Understanding Oversmoothing in Graph Neural Networks (GNNs): Insights from Two Theoretical Studies

Discover the intricacies of oversmoothing in graph neural networks, including theoretical studies on APVMP and Page Rank propagation, attention mechanisms, and the role of non-linearities and activation functions in mitigating this key challenge.

Key takeaways
  • Oversmoothing is a fundamental problem in graph neural networks (GNNs), where increasing depth leads to nodes becoming indistinguishable.
  • APVMP (Angle-based Pointwise Message Passing) and Page Rank propagation can solve Oversmoothing to some extent, but only for a fixed number of layers.
  • The optimal depth of GNNs is usually shallow (2-5 layers), and optimal performance is reached at a finite number of layers, which is not necessarily linearly scalable.
  • Attention mechanisms cannot prevent Oversmoothing, but can instead slow down its convergence rate.
  • The joint spectral radius of a family of row stochastic matrices determines the convergence rate of GNNs, which is closely related to Oversmoothing.
  • In the asymptotic region, the convergence rate of GNNs is upper bounded by a constant.
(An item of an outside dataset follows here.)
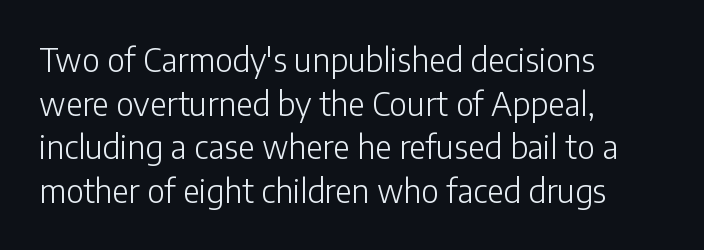
Looks like regular typesetting: each glyph gets only the width it needs. The lines in this sample share a left origin and differ only in where they stop. Is there much room between lines? A standard amount, neither cramped nor airy. Descender tails drop into unmarked territory. Nothing heavy about these letters — not bold at all.

  • Different nonlinearities and activation functions, such as ReLU and Leaky Relu, can affect Oversmoothing differently.
  • The optimal performance of GNNs is often attained at a shallower depth, not necessarily correlated with the number of neurons or nodes in the graph.
  • Stochastic block models can be used to test the effect of a finite number of graph convolutions.
  • The variance of GNN outputs decreases exponentially for a wide range of nonlinearities.